"""
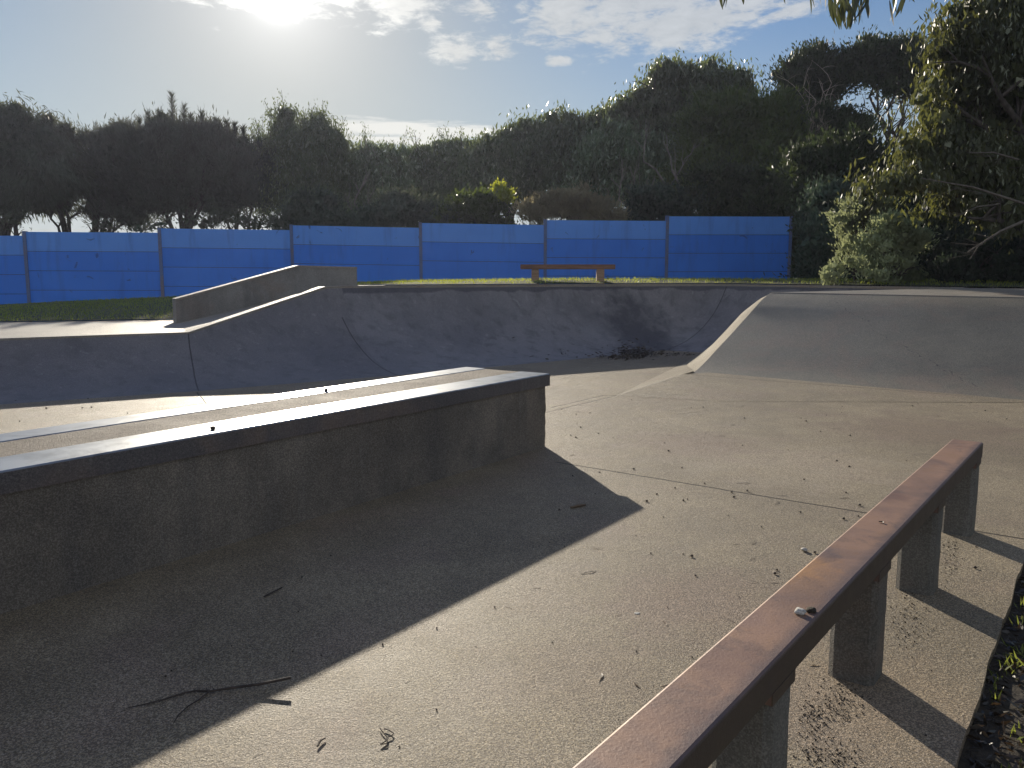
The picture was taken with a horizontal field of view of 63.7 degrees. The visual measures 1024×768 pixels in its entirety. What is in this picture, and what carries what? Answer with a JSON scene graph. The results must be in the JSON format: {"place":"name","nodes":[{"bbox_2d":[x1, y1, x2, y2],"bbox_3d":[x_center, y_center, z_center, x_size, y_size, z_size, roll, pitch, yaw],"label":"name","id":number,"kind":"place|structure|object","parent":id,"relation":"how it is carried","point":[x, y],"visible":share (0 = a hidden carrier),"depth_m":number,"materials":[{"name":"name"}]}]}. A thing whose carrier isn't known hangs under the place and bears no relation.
{"place":"outdoors","nodes":[
{"label":"outdoors","id":0,"kind":"place"},
{"bbox_2d":[0,0,959,235],"label":"sky","id":1,"kind":"structure","parent":0,"point":[393,67],"materials":[{"name":"blue"}]},
{"bbox_2d":[0,285,968,337],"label":"deck","id":2,"kind":"structure","parent":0,"point":[34,329],"depth_m":12.62,"materials":[{"name":"concrete"}]},
{"bbox_2d":[172,265,356,322],"bbox_3d":[-4.276,-1.573,14.513,3.160,1.030,0.333,-5,9,-31],"label":"sloping ledge","id":3,"kind":"object","parent":2,"relation":"on","point":[270,286],"visible":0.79,"depth_m":14.27,"materials":[{"name":"concrete"}]},
{"bbox_2d":[0,350,1023,767],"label":"floor","id":4,"kind":"structure","parent":0,"point":[80,670],"depth_m":3.53,"materials":[{"name":"concrete"}]},
{"bbox_2d":[0,332,197,403],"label":"quarter pipe","id":5,"kind":"object","parent":4,"relation":"on","point":[46,368],"visible":1,"depth_m":10.32,"materials":[{"name":"concrete"}]},
{"bbox_2d":[126,676,290,721],"bbox_3d":[-1.000,1.030,2.742,0.496,0.036,0.179,-5,9,-34],"label":"forked twig","id":6,"kind":"object","parent":4,"relation":"on","point":[207,691],"visible":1,"depth_m":2.78,"materials":[{"name":"brown wood"}]},
{"bbox_2d":[263,587,281,596],"bbox_3d":[-1.058,0.923,3.659,0.015,0.011,0.120,3,8,25],"label":"stick","id":7,"kind":"object","parent":4,"relation":"on","point":[272,592],"visible":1,"depth_m":3.64,"materials":[{"name":"brown wood"}]},
{"bbox_2d":[0,367,549,614],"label":"grind ledge","id":8,"kind":"object","parent":4,"relation":"on","point":[86,504],"visible":1,"depth_m":4.38,"materials":[{"name":"concrete"}]},
{"bbox_2d":[182,286,396,390],"bbox_3d":[-3.358,-0.778,11.934,2.729,1.236,3.086,-4,9,-29],"label":"quarter pipe","id":9,"kind":"object","parent":4,"relation":"on","point":[311,335],"visible":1,"depth_m":11.99,"materials":[{"name":"concrete"}]},
{"bbox_2d":[380,728,393,744],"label":"curled twig","id":10,"kind":"object","parent":4,"relation":"on","point":[386,736],"visible":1,"depth_m":2.51,"materials":[{"name":"brown wood"}]},
{"bbox_2d":[342,284,726,374],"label":"bowl wall","id":11,"kind":"structure","parent":4,"relation":"on","point":[407,329],"depth_m":14.82,"materials":[{"name":"concrete"}]},
{"bbox_2d":[570,504,585,507],"bbox_3d":[0.403,0.741,5.024,0.110,0.022,0.024,-5,9,-34],"label":"bark strip","id":12,"kind":"object","parent":4,"relation":"on","point":[576,505],"visible":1,"depth_m":5.01,"materials":[{"name":"brown plant"}]},
{"bbox_2d":[512,337,698,360],"bbox_3d":[1.826,-0.639,14.458,3.374,0.374,2.035,-5,9,-31],"label":"leaf pile","id":13,"kind":"object","parent":4,"relation":"on","point":[635,353],"visible":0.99,"depth_m":14.57,"materials":[{"name":"brown plant"}]},
{"bbox_2d":[573,439,982,767],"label":"grind rail","id":14,"kind":"object","parent":4,"relation":"on","point":[724,702],"visible":0.98,"depth_m":2.25,"materials":[{"name":"metal"}]},
{"bbox_2d":[794,607,805,614],"bbox_3d":[0.782,0.618,2.235,0.029,0.019,0.028,-7,10,-43],"label":"pebble","id":15,"kind":"object","parent":14,"relation":"on","point":[800,611],"visible":1,"depth_m":2.23,"materials":[{"name":"stone"}]},
{"bbox_2d":[806,607,815,612],"bbox_3d":[0.817,0.617,2.251,0.028,0.015,0.027,3,8,19],"label":"dirt lump","id":16,"kind":"object","parent":14,"relation":"on","point":[810,609],"visible":1,"depth_m":2.24,"materials":[{"name":"soil"}]},
{"bbox_2d":[665,284,964,351],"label":"bowl wall","id":17,"kind":"structure","parent":4,"relation":"on","point":[737,300],"depth_m":16.28,"materials":[{"name":"concrete"}]},
{"bbox_2d":[616,288,1023,401],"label":"concrete bank","id":18,"kind":"structure","parent":4,"relation":"on","point":[938,345],"depth_m":11.12,"materials":[{"name":"grey concrete"}]},
{"bbox_2d":[790,537,964,767],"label":"dirt crumbs","id":19,"kind":"object","parent":4,"relation":"on","point":[839,703],"visible":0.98,"depth_m":2.66,"materials":[{"name":"soil"}]},
{"bbox_2d":[0,276,1023,321],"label":"grass bank","id":20,"kind":"structure","parent":0,"point":[170,308],"depth_m":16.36,"materials":[{"name":"green plant"}]},
{"bbox_2d":[0,202,31,235],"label":"shrub","id":21,"kind":"object","parent":20,"relation":"on","point":[18,217],"visible":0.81,"depth_m":33.22,"materials":[{"name":"green plant"}]},
{"bbox_2d":[0,90,98,235],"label":"tea tree","id":22,"kind":"object","parent":20,"relation":"on","point":[29,169],"visible":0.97,"depth_m":34.25,"materials":[{"name":"green plant"}]},
{"bbox_2d":[20,102,109,233],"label":"tea tree","id":23,"kind":"object","parent":20,"relation":"on","point":[69,133],"visible":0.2,"depth_m":35.79,"materials":[{"name":"green plant"}]},
{"bbox_2d":[86,207,131,232],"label":"shrub","id":24,"kind":"object","parent":20,"relation":"on","point":[103,226],"visible":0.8,"depth_m":33.72,"materials":[{"name":"green plant"}]},
{"bbox_2d":[62,109,169,232],"bbox_3d":[-17.567,-8.056,37.408,6.154,8.470,4.288,0,8,0],"label":"she oak","id":25,"kind":"object","parent":20,"relation":"on","point":[106,139],"visible":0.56,"depth_m":36.52,"materials":[{"name":"green plant"}]},
{"bbox_2d":[125,209,181,232],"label":"shrub","id":26,"kind":"object","parent":20,"relation":"on","point":[159,224],"visible":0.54,"depth_m":33.36,"materials":[{"name":"green plant"}]},
{"bbox_2d":[104,89,276,228],"bbox_3d":[-14.451,-8.494,36.929,6.969,9.057,5.310,-4,8,-28],"label":"she oak","id":27,"kind":"object","parent":20,"relation":"on","point":[174,152],"visible":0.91,"depth_m":35.95,"materials":[{"name":"green plant"}]},
{"bbox_2d":[173,199,259,228],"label":"shrub","id":28,"kind":"object","parent":20,"relation":"on","point":[216,220],"visible":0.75,"depth_m":33.40,"materials":[{"name":"green plant"}]},
{"bbox_2d":[179,122,298,229],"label":"she oak","id":29,"kind":"object","parent":20,"relation":"on","point":[240,193],"visible":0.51,"depth_m":36.94,"materials":[{"name":"green plant"}]},
{"bbox_2d":[224,203,281,229],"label":"shrub","id":30,"kind":"object","parent":20,"relation":"on","point":[254,224],"visible":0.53,"depth_m":33.18,"materials":[{"name":"green plant"}]},
{"bbox_2d":[245,89,365,218],"bbox_3d":[-9.686,-8.981,38.141,6.046,9.302,4.318,0,8,0],"label":"gum tree","id":31,"kind":"object","parent":20,"relation":"on","point":[313,150],"visible":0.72,"depth_m":37.23,"materials":[{"name":"green plant"}]},
{"bbox_2d":[258,183,362,229],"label":"shrub","id":32,"kind":"object","parent":20,"relation":"on","point":[306,208],"visible":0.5,"depth_m":28.97,"materials":[{"name":"green plant"}]},
{"bbox_2d":[322,121,436,223],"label":"gum tree","id":33,"kind":"object","parent":20,"relation":"on","point":[387,168],"visible":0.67,"depth_m":38.50,"materials":[{"name":"green plant"}]},
{"bbox_2d":[329,184,460,227],"bbox_3d":[-4.190,-5.217,28.628,5.628,3.477,3.066,0,8,0],"label":"shrub","id":34,"kind":"object","parent":20,"relation":"on","point":[393,207],"visible":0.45,"depth_m":28.44,"materials":[{"name":"green plant"}]},
{"bbox_2d":[399,121,484,220],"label":"gum tree","id":35,"kind":"object","parent":20,"relation":"on","point":[441,154],"visible":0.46,"depth_m":39.47,"materials":[{"name":"green plant"}]},
{"bbox_2d":[426,177,523,224],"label":"shrub","id":36,"kind":"object","parent":20,"relation":"on","point":[480,206],"visible":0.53,"depth_m":27.98,"materials":[{"name":"green plant"}]},
{"bbox_2d":[449,104,547,223],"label":"gum tree","id":37,"kind":"object","parent":20,"relation":"on","point":[491,152],"visible":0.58,"depth_m":36.32,"materials":[{"name":"green plant"}]},
{"bbox_2d":[502,99,617,219],"bbox_3d":[2.648,-8.436,36.089,6.208,7.995,4.092,0,8,0],"label":"gum tree","id":38,"kind":"object","parent":20,"relation":"on","point":[547,149],"visible":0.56,"depth_m":35.30,"materials":[{"name":"green plant"}]},
{"bbox_2d":[520,264,614,283],"bbox_3d":[1.198,-2.313,17.684,2.063,0.499,0.429,0,8,-3],"label":"timber bench","id":39,"kind":"object","parent":20,"relation":"on","point":[535,268],"visible":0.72,"depth_m":17.49,"materials":[{"name":"brown wood"}]},
{"bbox_2d":[508,178,632,224],"bbox_3d":[1.754,-5.228,28.099,5.074,3.609,2.742,0,8,0],"label":"shrub","id":40,"kind":"object","parent":20,"relation":"on","point":[552,204],"visible":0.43,"depth_m":27.51,"materials":[{"name":"green plant"}]},
{"bbox_2d":[547,111,694,210],"bbox_3d":[4.569,-7.522,33.117,6.366,6.959,4.748,0,8,0],"label":"gum tree","id":41,"kind":"object","parent":20,"relation":"on","point":[613,149],"visible":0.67,"depth_m":32.70,"materials":[{"name":"green plant"}]},
{"bbox_2d":[618,173,717,220],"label":"shrub","id":42,"kind":"object","parent":20,"relation":"on","point":[658,202],"visible":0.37,"depth_m":29.20,"materials":[{"name":"green plant"}]},
{"bbox_2d":[575,48,766,152],"bbox_3d":[6.792,-9.223,35.251,8.342,9.789,4.526,0,8,0],"label":"gum tree","id":43,"kind":"object","parent":20,"relation":"on","point":[655,96],"visible":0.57,"depth_m":34.06,"materials":[{"name":"green plant"}]},
{"bbox_2d":[634,71,824,187],"bbox_3d":[8.345,-7.963,31.810,7.726,8.199,4.052,0,8,0],"label":"wattle tree","id":44,"kind":"object","parent":20,"relation":"on","point":[739,122],"visible":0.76,"depth_m":31.16,"materials":[{"name":"green plant"}]},
{"bbox_2d":[658,150,806,284],"bbox_3d":[8.712,-5.878,29.760,6.483,5.065,4.378,3,8,21],"label":"shrub","id":45,"kind":"object","parent":20,"relation":"on","point":[750,190],"visible":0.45,"depth_m":28.83,"materials":[{"name":"green plant"}]},
{"bbox_2d":[751,31,865,106],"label":"wattle tree","id":46,"kind":"object","parent":20,"relation":"on","point":[796,63],"visible":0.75,"depth_m":33.03,"materials":[{"name":"green plant"}]},
{"bbox_2d":[777,62,853,141],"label":"dead tree","id":47,"kind":"object","parent":20,"relation":"on","point":[821,119],"visible":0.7,"depth_m":31.79,"materials":[{"name":"brown plant"}]},
{"bbox_2d":[778,167,857,285],"bbox_3d":[7.550,-3.545,19.644,1.953,3.246,2.281,5,9,32],"label":"shrub","id":48,"kind":"object","parent":20,"relation":"on","point":[814,253],"visible":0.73,"depth_m":19.22,"materials":[{"name":"green plant"}]},
{"bbox_2d":[819,250,850,285],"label":"saltbush","id":49,"kind":"object","parent":20,"relation":"on","point":[829,274],"visible":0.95,"depth_m":15.94,"materials":[{"name":"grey plant"}]},
{"bbox_2d":[780,89,901,193],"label":"wattle tree","id":50,"kind":"object","parent":20,"relation":"on","point":[844,115],"visible":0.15,"depth_m":31.84,"materials":[{"name":"green plant"}]},
{"bbox_2d":[819,183,907,280],"bbox_3d":[7.080,-3.126,16.669,1.748,2.180,1.614,0,8,0],"label":"saltbush","id":51,"kind":"object","parent":20,"relation":"on","point":[847,220],"visible":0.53,"depth_m":16.50,"materials":[{"name":"green plant"}]},
{"bbox_2d":[821,24,937,155],"bbox_3d":[15.040,-9.300,33.492,5.736,10.368,3.311,0,8,0],"label":"wattle tree","id":52,"kind":"object","parent":20,"relation":"on","point":[883,59],"visible":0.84,"depth_m":32.72,"materials":[{"name":"green plant"}]},
{"bbox_2d":[760,111,1018,287],"bbox_3d":[11.272,-5.186,21.561,9.721,6.287,4.114,0,8,0],"label":"shrub","id":53,"kind":"object","parent":20,"relation":"on","point":[826,156],"visible":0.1,"depth_m":20.88,"materials":[{"name":"green plant"}]},
{"bbox_2d":[839,207,950,285],"bbox_3d":[7.260,-2.581,15.854,2.157,1.596,1.586,0,8,0],"label":"saltbush","id":54,"kind":"object","parent":20,"relation":"on","point":[883,254],"visible":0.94,"depth_m":15.57,"materials":[{"name":"green plant"}]},
{"bbox_2d":[828,0,1023,258],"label":"gum tree","id":55,"kind":"object","parent":20,"relation":"on","point":[976,59],"visible":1,"depth_m":13.65,"materials":[{"name":"green plant"}]},
{"bbox_2d":[917,218,1023,287],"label":"saltbush","id":56,"kind":"object","parent":20,"relation":"on","point":[998,262],"visible":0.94,"depth_m":15.50,"materials":[{"name":"green plant"}]},
{"bbox_2d":[791,284,1023,767],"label":"ground","id":57,"kind":"structure","parent":0,"point":[1015,691],"depth_m":2.74,"materials":[{"name":"soil"}]},
{"bbox_2d":[0,216,792,321],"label":"panel wall","id":58,"kind":"structure","parent":57,"relation":"on","point":[36,267],"depth_m":24.46,"materials":[{"name":"blue paint"},{"name":"wood"}]},
{"bbox_2d":[719,0,914,29],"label":"gum tree","id":59,"kind":"object","parent":57,"relation":"on","point":[837,13],"visible":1,"depth_m":3.65,"materials":[{"name":"green plant"}]},
{"bbox_2d":[961,564,1023,767],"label":"leaf litter","id":60,"kind":"object","parent":57,"relation":"on","point":[1009,756],"visible":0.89,"depth_m":2.71,"materials":[{"name":"brown plant"}]},
{"bbox_2d":[987,588,1023,767],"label":"weeds","id":61,"kind":"object","parent":57,"relation":"on","point":[1017,662],"visible":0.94,"depth_m":3.03,"materials":[{"name":"green plant"}]}
]}
"""
_Aim of the task_.
Wherever the string "blue" turns up in the material, copy the whole line.

_Answer_.
{"bbox_2d":[0,0,959,235],"label":"sky","id":1,"kind":"structure","parent":0,"point":[393,67],"materials":[{"name":"blue"}]},
{"bbox_2d":[0,216,792,321],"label":"panel wall","id":58,"kind":"structure","parent":57,"relation":"on","point":[36,267],"depth_m":24.46,"materials":[{"name":"blue paint"},{"name":"wood"}]},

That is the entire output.